For first soap bubble we have the error change in given pressure is,
$\Delta P = 0.02\,atm$
$\Rightarrow 0.02 = \dfrac{{4T}}{{{R_1}}} \to (i)$
For soap bubble second having pressure $P = 1.05\,atm$
again using same formula keeping the surface tension same we have,
$\Delta P = \dfrac{{4T}}{R}$ and for this soap bubble $\Delta P = 0.05\,atm$
$\Rightarrow 0.05 = \dfrac{{4T}}{{{R_2}}} \to (ii)$
where ${R_2}$ denotes the radius of spherical bubble soap.

Divide the equation (ii) by equation (i) we have,
$\dfrac{5}{2} = \dfrac{{{R_1}}}{{{R_2}}}$
and now since surface area of sphere is given by,
$S = 4\pi {R^2}$
where $R$ is radius and surface area is directly proportional to square of radius so we have, squaring the equation $\dfrac{5}{2} = \dfrac{{{R_1}}}{{{R_2}}}$ we get,
$\Rightarrow \dfrac{{25}}{4} = \dfrac{{4\pi {{({R_1})}^2}}}{{4\pi {{({R_2})}^2}}}$
$\therefore \dfrac{{{S_1}}}{{{S_2}}} = \dfrac{{25}}{4}$
where, $S$ denotes the surface area of the soap bubble.

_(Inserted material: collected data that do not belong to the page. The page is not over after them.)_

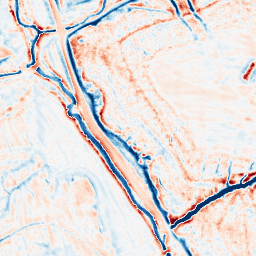
Category: edge_preserving
Decomposition family: bilateral
Decomposition parameters: d: 15
sigma_color: 25
sigma_space: 75
Upsampling method: regularized
Upsampling parameters: scale: 4
lambda_reg: 0.001
Upsampling scale: 4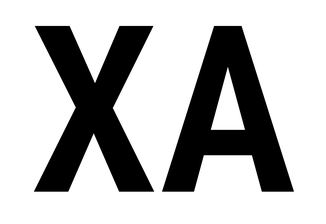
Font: Roboto_Condensed_SemiBold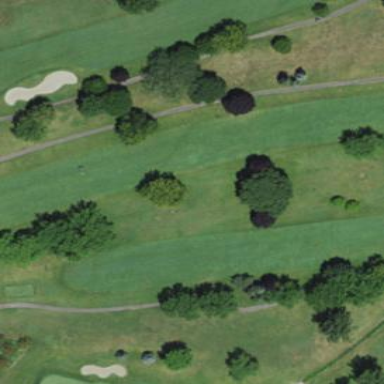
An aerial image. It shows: Scenic golf fairway.
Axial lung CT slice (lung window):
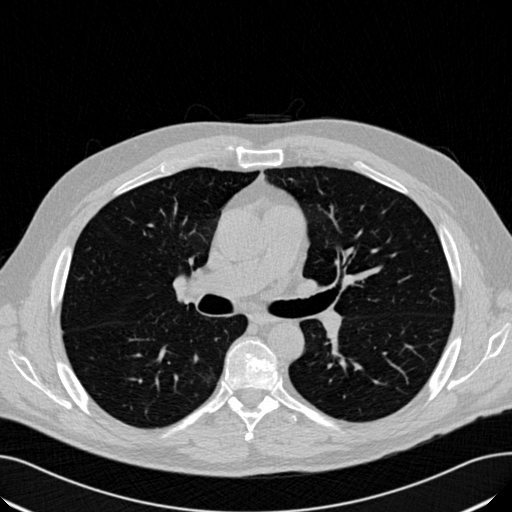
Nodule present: no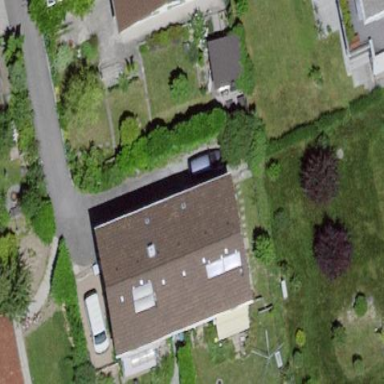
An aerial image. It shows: Semidetached house.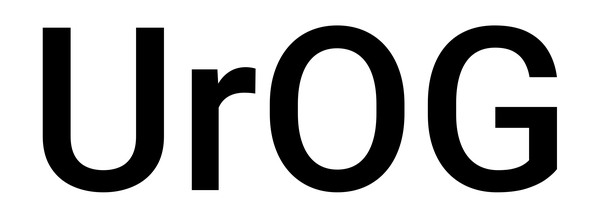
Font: Roboto_Medium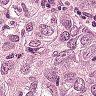
Metastatic tissue present: yes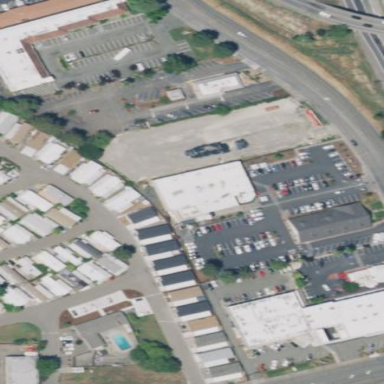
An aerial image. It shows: Retail area.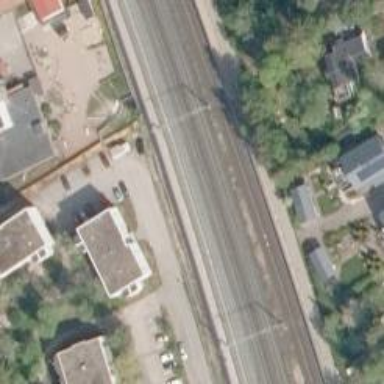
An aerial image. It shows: Railway track with continuous electrified contact line.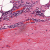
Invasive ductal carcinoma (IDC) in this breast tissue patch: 0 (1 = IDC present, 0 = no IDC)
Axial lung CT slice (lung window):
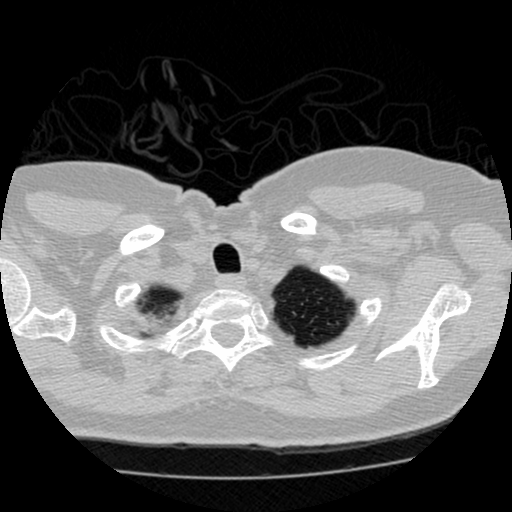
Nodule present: no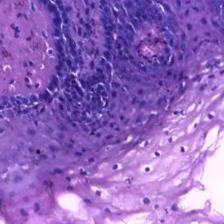
Diagnosis: OSCC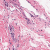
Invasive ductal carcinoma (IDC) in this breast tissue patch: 0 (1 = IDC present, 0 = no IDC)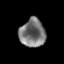
Tissue: prostate
Cell type: T cells
Senescence score: 0.3004
Nuclear area (px): 709
Mean DAPI intensity: 119.331

Hence, the correct option is B.

Note: It should be remembered that, we have given the pressure inside the soap bubble with two digits after decimal and we use the change in pressure from inside and outside in the formula $\Delta P = \dfrac{{4T}}{R}$ so, change in pressure $\Delta P$ is just the difference between given pressure and atmospheric pressure which has a value of $1atm$.